▸ TASK STATEMENT
With the pictures left out, output the records below exactly.

(Stored dataset items)
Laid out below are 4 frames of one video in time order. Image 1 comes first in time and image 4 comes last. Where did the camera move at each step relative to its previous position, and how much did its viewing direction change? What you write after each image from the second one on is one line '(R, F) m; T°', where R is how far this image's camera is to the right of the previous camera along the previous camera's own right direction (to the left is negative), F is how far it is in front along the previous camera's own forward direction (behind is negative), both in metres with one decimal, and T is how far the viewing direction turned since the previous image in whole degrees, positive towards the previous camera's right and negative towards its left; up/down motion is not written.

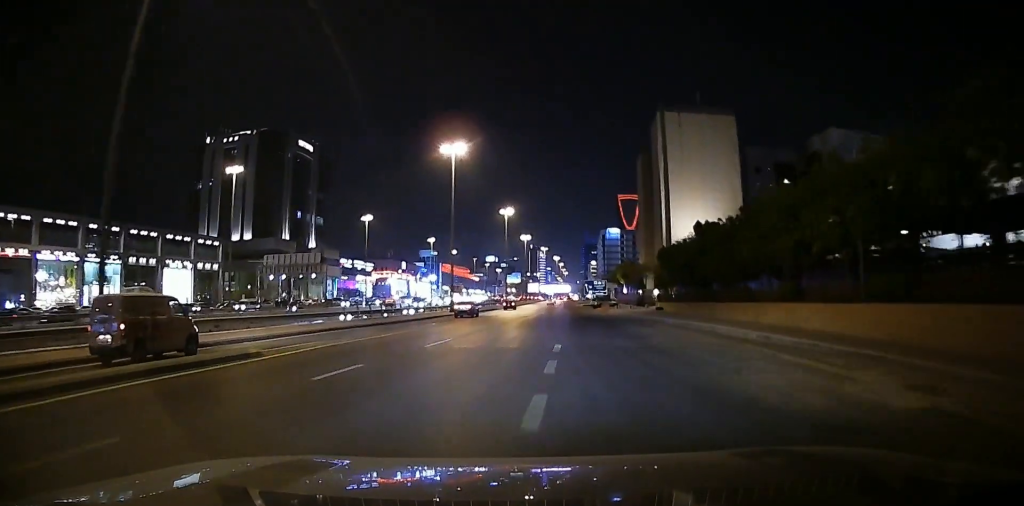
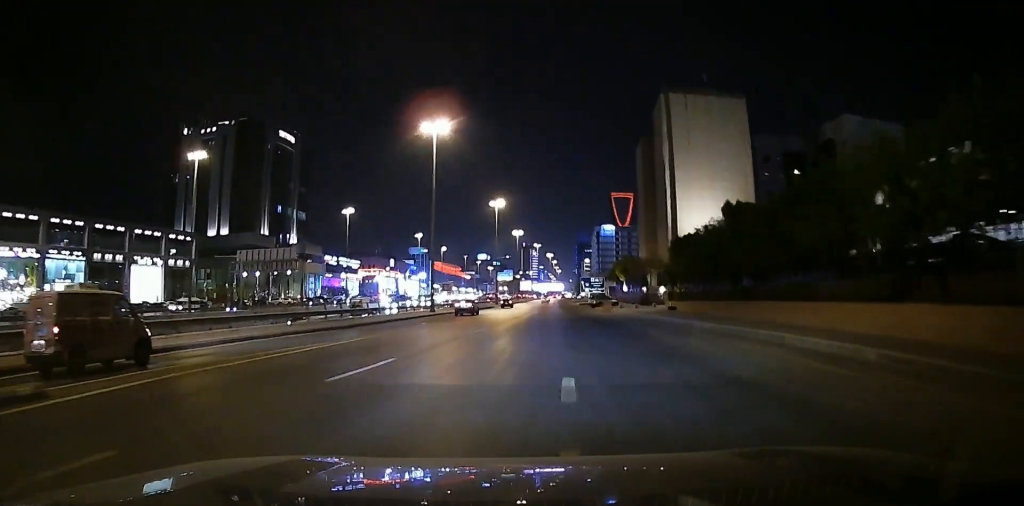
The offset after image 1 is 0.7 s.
(0.0, +8.7) m; 0°
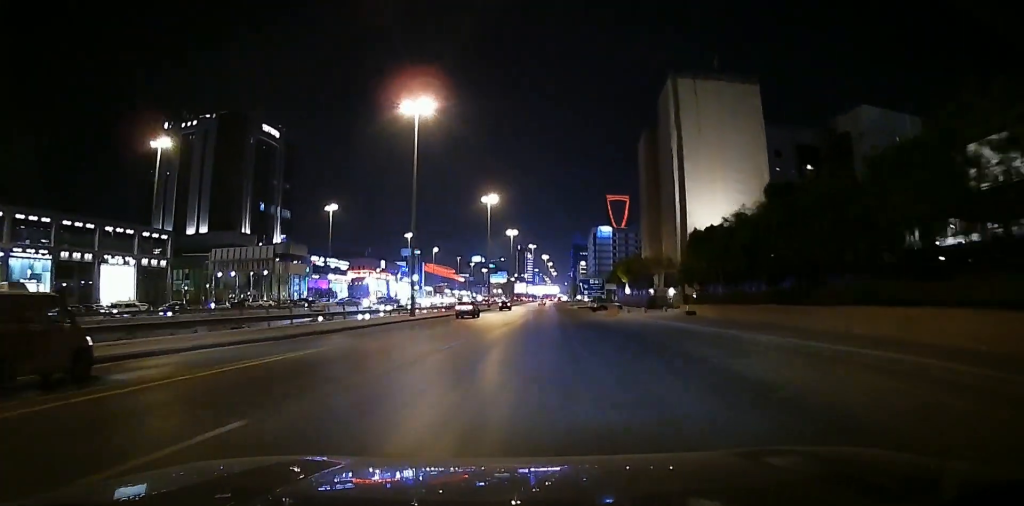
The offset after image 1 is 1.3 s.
(0.0, +7.2) m; 0°
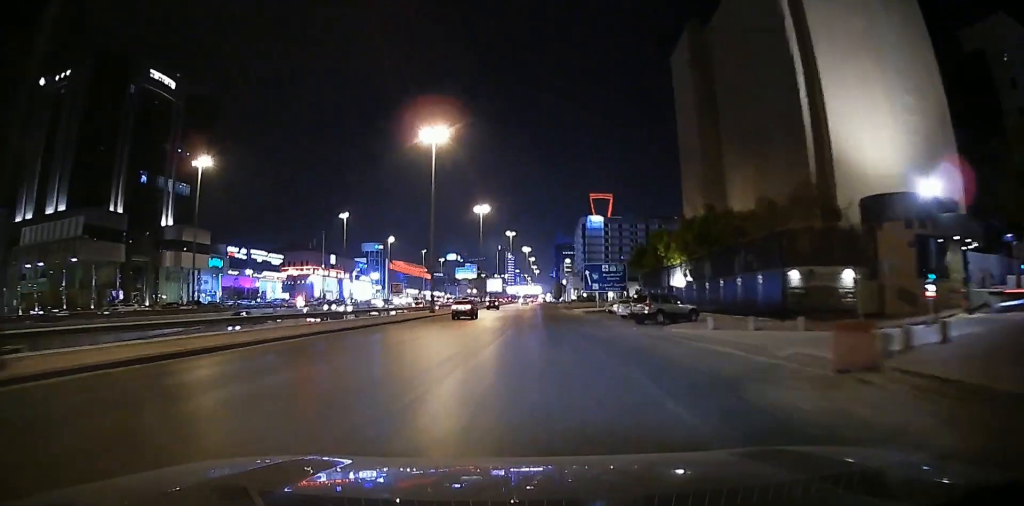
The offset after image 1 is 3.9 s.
(-0.7, +43.9) m; -1°
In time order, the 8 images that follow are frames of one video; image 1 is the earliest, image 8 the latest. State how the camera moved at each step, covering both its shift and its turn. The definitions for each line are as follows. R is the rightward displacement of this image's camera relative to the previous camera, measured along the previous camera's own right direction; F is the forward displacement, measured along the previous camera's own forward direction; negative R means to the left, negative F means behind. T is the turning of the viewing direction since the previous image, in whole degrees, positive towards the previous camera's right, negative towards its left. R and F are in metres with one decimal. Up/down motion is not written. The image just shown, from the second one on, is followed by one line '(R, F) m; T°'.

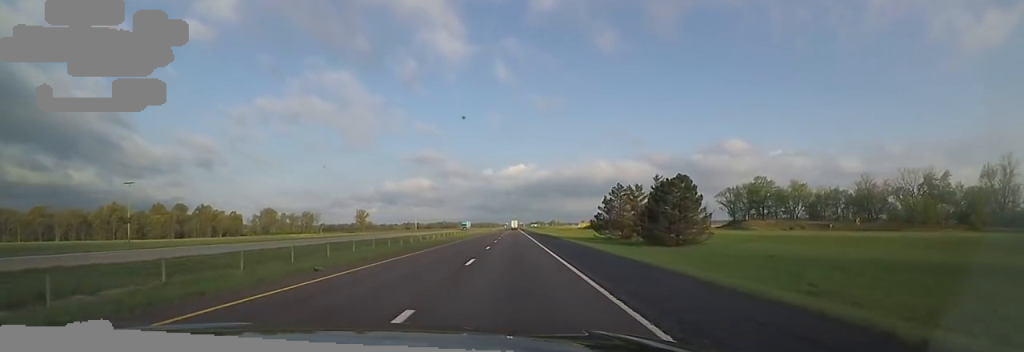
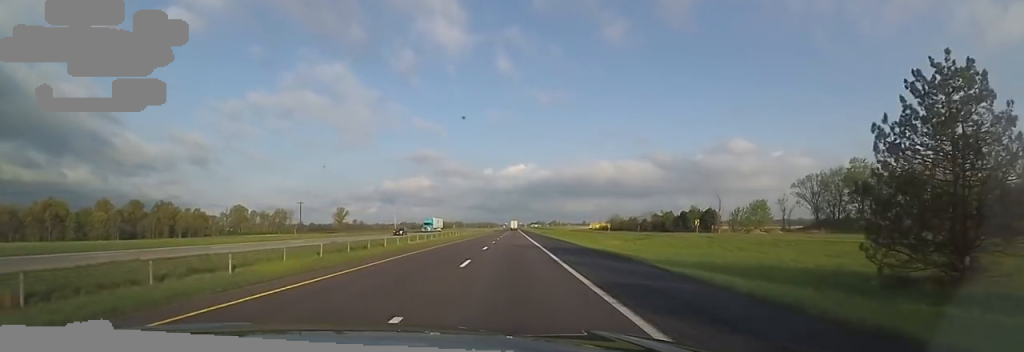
(-1.3, +50.6) m; -1°
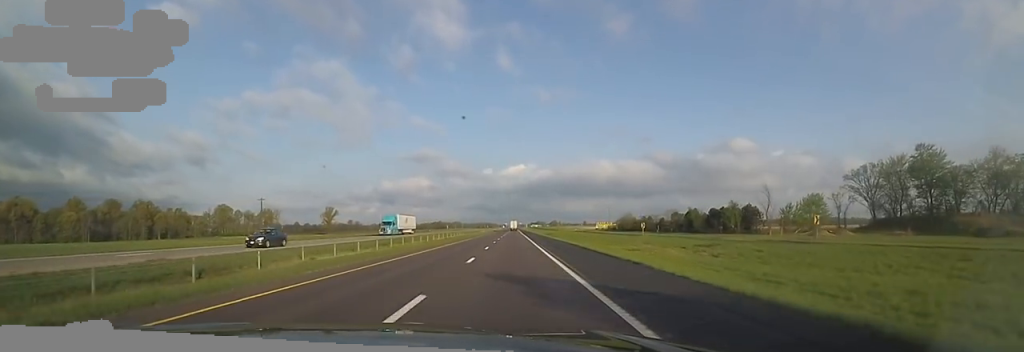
(-0.1, +22.2) m; 0°
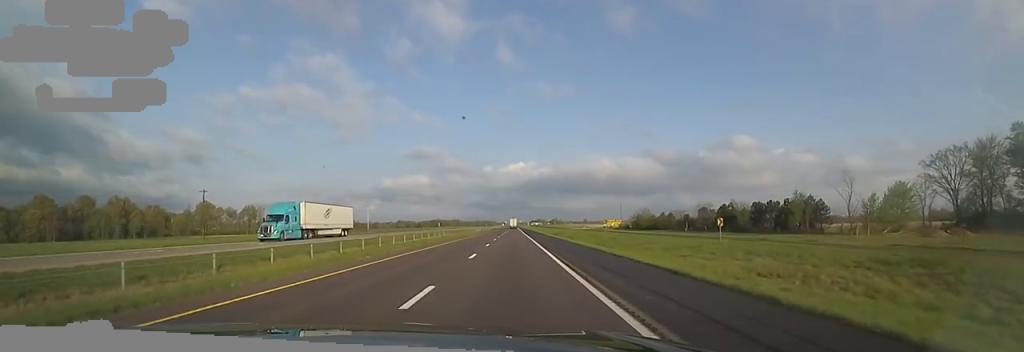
(+0.2, +23.4) m; +2°
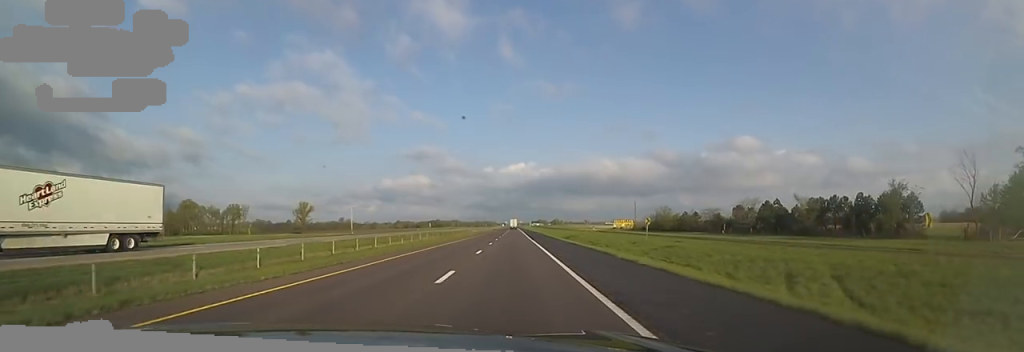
(+0.2, +21.0) m; +1°
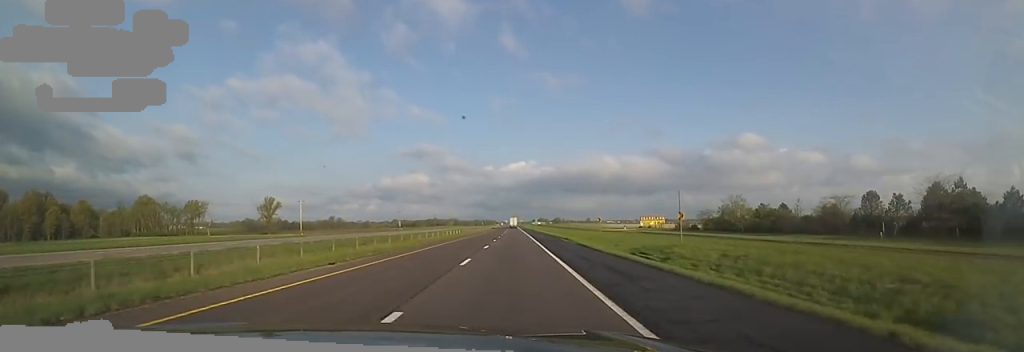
(+0.2, +44.1) m; -2°
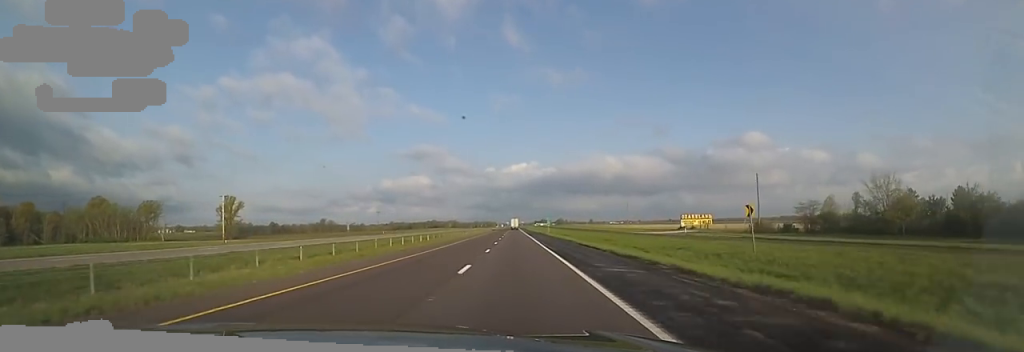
(-1.3, +39.0) m; -2°
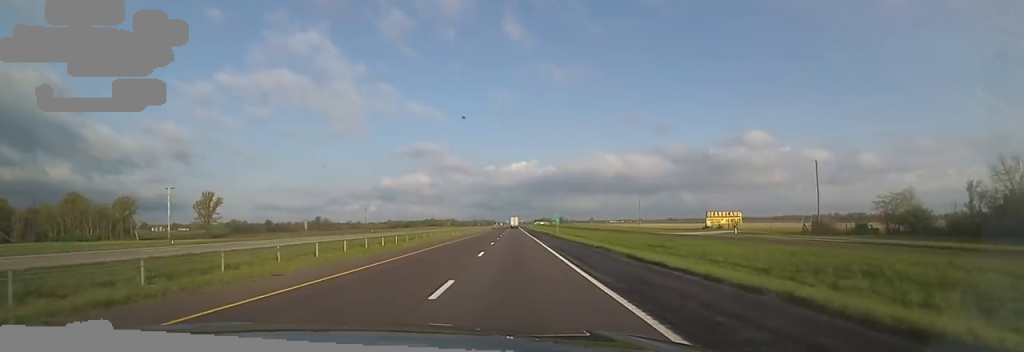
(-0.2, +17.1) m; 0°
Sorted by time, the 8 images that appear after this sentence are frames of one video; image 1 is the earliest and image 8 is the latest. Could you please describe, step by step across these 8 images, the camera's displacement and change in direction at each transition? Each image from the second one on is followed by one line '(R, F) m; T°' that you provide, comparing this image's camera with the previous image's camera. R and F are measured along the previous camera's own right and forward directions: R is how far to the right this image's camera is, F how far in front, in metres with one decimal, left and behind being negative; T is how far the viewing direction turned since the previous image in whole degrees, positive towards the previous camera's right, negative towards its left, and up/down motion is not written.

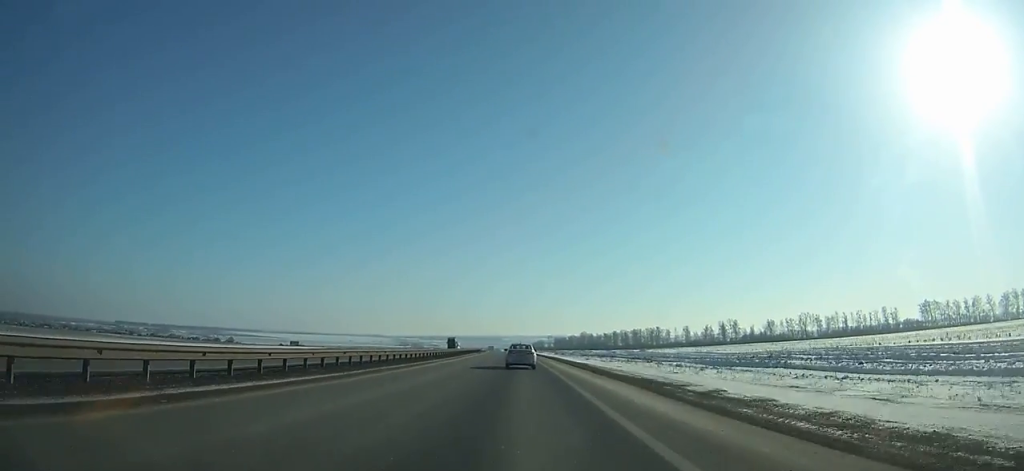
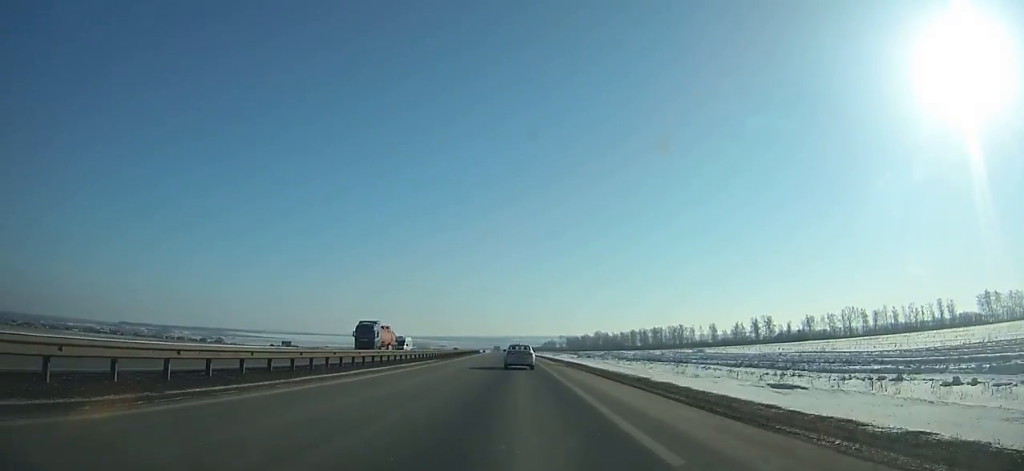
(-0.5, +56.4) m; -1°
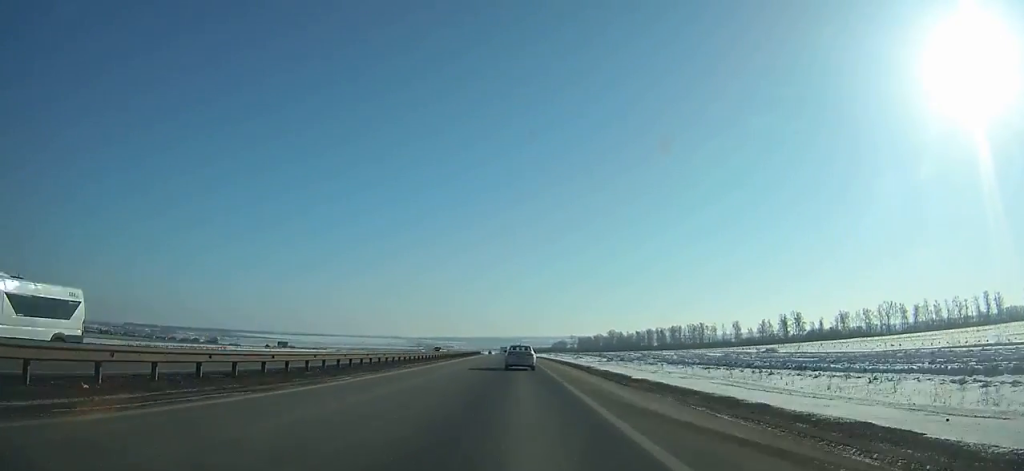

▸ TASK RESPONSE
Laid out below are 4 frames of one video in time order. Image 1 comes first in time and image 4 comes last. Where did the camera move at each step relative to its previous position, and how much did its viewing direction change? What you write after each image from the second one on is one line '(R, F) m; T°', where R is how far this image's camera is to the right of the previous camera along the previous camera's own right direction (to the left is negative), F is how far it is in front along the previous camera's own forward direction (behind is negative), both in metres with one decimal, and T is how far the viewing direction turned since the previous image in whole degrees, positive towards the previous camera's right and negative towards its left; up/down motion is not written.

The offset after image 1 is 0.7 s.
(0.0, +8.7) m; 0°
The offset after image 1 is 1.3 s.
(0.0, +7.2) m; 0°
The offset after image 1 is 3.9 s.
(-0.7, +43.9) m; -1°
In time order, the 8 images that follow are frames of one video; image 1 is the earliest, image 8 the latest. State how the camera moved at each step, covering both its shift and its turn. The definitions for each line are as follows. R is the rightward displacement of this image's camera relative to the previous camera, measured along the previous camera's own right direction; F is the forward displacement, measured along the previous camera's own forward direction; negative R means to the left, negative F means behind. T is the turning of the viewing direction since the previous image, in whole degrees, positive towards the previous camera's right, negative towards its left. R and F are in metres with one decimal. Up/down motion is not written. The image just shown, from the second one on, is followed by one line '(R, F) m; T°'.

(-1.3, +50.6) m; -1°
(-0.1, +22.2) m; 0°
(+0.2, +23.4) m; +2°
(+0.2, +21.0) m; +1°
(+0.2, +44.1) m; -2°
(-1.3, +39.0) m; -2°
(-0.2, +17.1) m; 0°
Sorted by time, the 8 images that appear after this sentence are frames of one video; image 1 is the earliest and image 8 is the latest. Could you please describe, step by step across these 8 images, the camera's displacement and change in direction at each transition? Each image from the second one on is followed by one line '(R, F) m; T°' that you provide, comparing this image's camera with the previous image's camera. R and F are measured along the previous camera's own right and forward directions: R is how far to the right this image's camera is, F how far in front, in metres with one decimal, left and behind being negative; T is how far the viewing direction turned since the previous image in whole degrees, positive towards the previous camera's right, negative towards its left, and up/down motion is not written.

(-0.5, +56.4) m; -1°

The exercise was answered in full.